As you observe what's happening in the applied commercial world and the dialogue in the political world from your perch at Caltech, what insights can you offer about the trends, actions, and conversations currently taking place?
I feel like, in the last year, for a set of complex and inter-connected reasons, American society has suddenly become very conscious about the need for renewable energy generation. However, don't think that most people appreciate the scale that's needed to meet the growing demand for renewable energy. People know that it's important, but they think they are doing enough when they go out and buy a Prius, turn down their thermostat in winter, and reduce their air conditioning in summer. In order to make an impact on greenhouse gas emissions and non-renewable energy generation, we have to do so much more than that. The next big challenge for engineers and scientists is to communicate the scale of the problem to the world. The renewable energy industry is going to become, and I tell my students this, the largest employer in the United States. It will become the biggest industry in the world. It will become the largest consumer of raw materials and primary energy input to generate renewable energy generation devices.

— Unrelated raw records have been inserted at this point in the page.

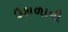
ઉકાળાની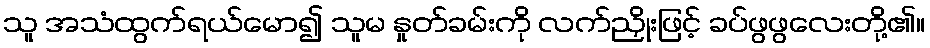
သူ အသံထွက်ရယ်မော၍ သူမ နှုတ်ခမ်းကို လက်ညှိုးဖြင့် ခပ်ဖွဖွလေးတို့၏။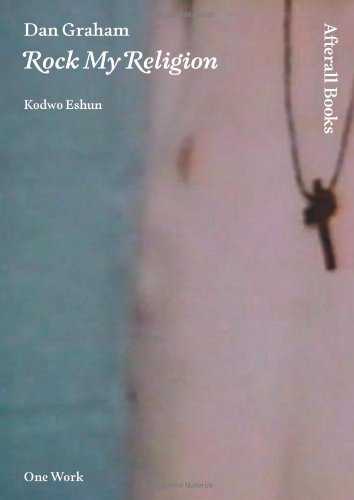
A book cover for Dan Graham: Rock My Religion (AFTERALL); Kodwo Eshun; Arts & Photography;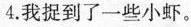
4.我捉到了一些小虾。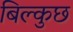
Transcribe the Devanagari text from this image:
बिल्कुछ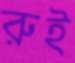
রুই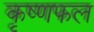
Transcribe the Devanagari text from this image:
कृष्णफल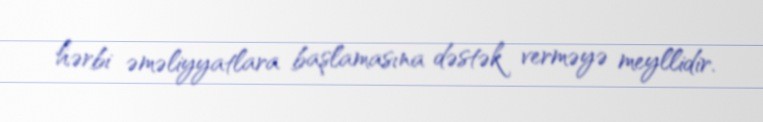
hərbi əməliyyatlara başlamasına dəstək verməyə meyllidir.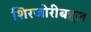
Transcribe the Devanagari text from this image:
शिरजोरीबद्दल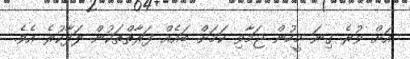
އަށް ވުރެ ގިނަ މީހުން ޖަމާވި ކަމަށް ބައެއް ފަރާތްތަކުން ލަފާކުރެ އެވެ.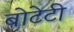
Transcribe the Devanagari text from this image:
बोटेटी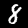
Digit: 8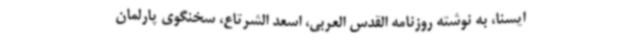
ایسنا، به نوشته روزنامه القدس العربی، اسعد الشرتاع، سخنگوی پارلمان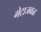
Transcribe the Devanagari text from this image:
गेटाजवळ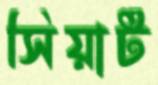
সিয়াট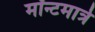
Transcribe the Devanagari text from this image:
मॉन्टमार्त्रे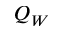
Q _ { W }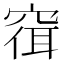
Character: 𫁓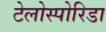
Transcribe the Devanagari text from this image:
टेलोस्पोरिडा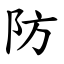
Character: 防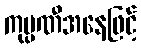
ကုမ္ပဏီအနေဖြင့်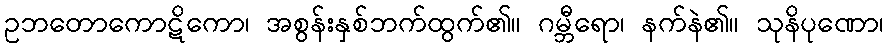
ဥဘတောကောဋိကော၊ အစွန်းနှစ်ဘက်ထွက်၏။ ဂမ္ဘီရော၊ နက်နဲ၏။ သုနိပုဏော၊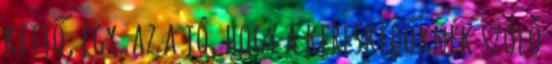
kettő, egy. az a jó, hogy a kereskedőknek szóló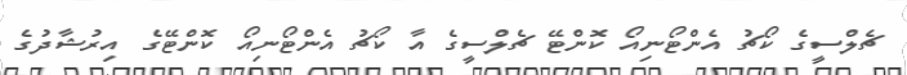
ޗެލްސީގެ ކޯޗު އެންޓޯނިއޯ ކޮންޓޭ ޗެލްސީގެ އާ ކޯޗު އެންޓޯނިއޯ ކޮންޓޭގެ އިރުޝާދުގެ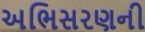
અભિસરણની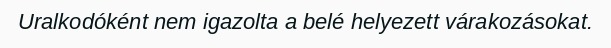
Uralkodóként nem igazolta a belé helyezett várakozásokat.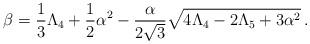
LaTeX: \begin{align*}\beta=\frac{1}{3}\Lambda_{4}+\frac{1}{2}\alpha^{2}-\frac{\alpha}{2\sqrt{3}}\sqrt{4\Lambda_{4}-2\Lambda_{5}+3\alpha^{2}}\,.\end{align*}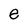
Character: e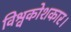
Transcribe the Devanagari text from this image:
विश्वकोशकार।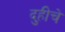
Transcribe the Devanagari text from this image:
दुहीचे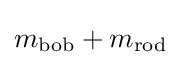
m_{\mathrm {bob} }+m_{\mathrm {rod} }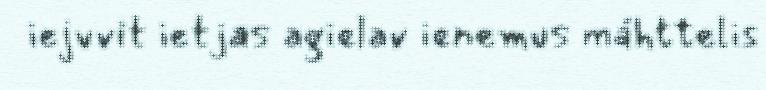
iejvvit ietjas agielav ienemus máhttelis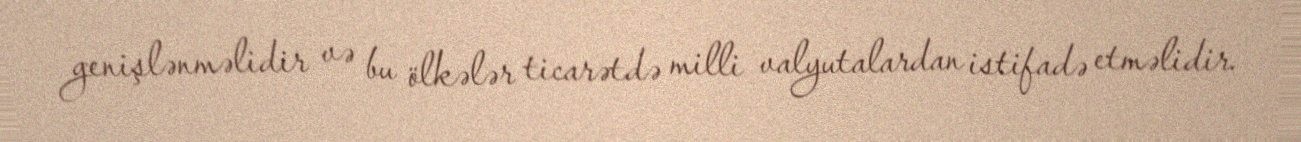
genişlənməlidir və bu ölkələr ticarətdə milli valyutalardan istifadə etməlidir.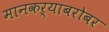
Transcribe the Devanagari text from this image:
मानकऱ्याबरोबर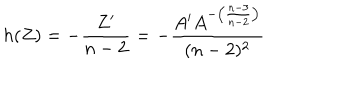
h ( Z ) = - \frac { Z ^ { \prime } } { n - 2 } = - \frac { A ^ { \prime } A ^ { - \left( \frac { n - 3 } { n - 2 } \right) } } { ( n - 2 ) ^ { 2 } }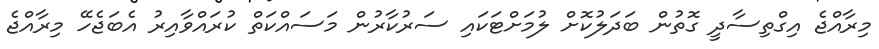
މިރާއްޖެ އިގްތިސާދީ ގޮތުން ބަދަލުކޮށް ލުމަށްޓަކައި ސަރުކާރުން މަސައްކަތް ކުރައްވާއިރު އެބަޖެހޭ މިރާއްޖެ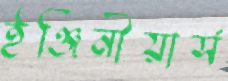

That's the scale that it's going to be if we're going to have an impact. I tell my own children, my students, and anybody who will listen that it's the most important problem of the 21st century, and it's going to be the biggest issue in their lifetimes, the thing that will determine so much about the development of our world. That's what is so exciting about being in this field at a place like Caltech—it's a place where advances in fundamental science can leverage enormous impact in society. Sometimes scientists can do something really elegant and it has no impact on the world—which is personally gratifying for the scientists but isn't otherwise recognized anywhere outside of the scietific community. This is a case where there is tremendous leverage in the real world, and I think that's a message that resonates very widely.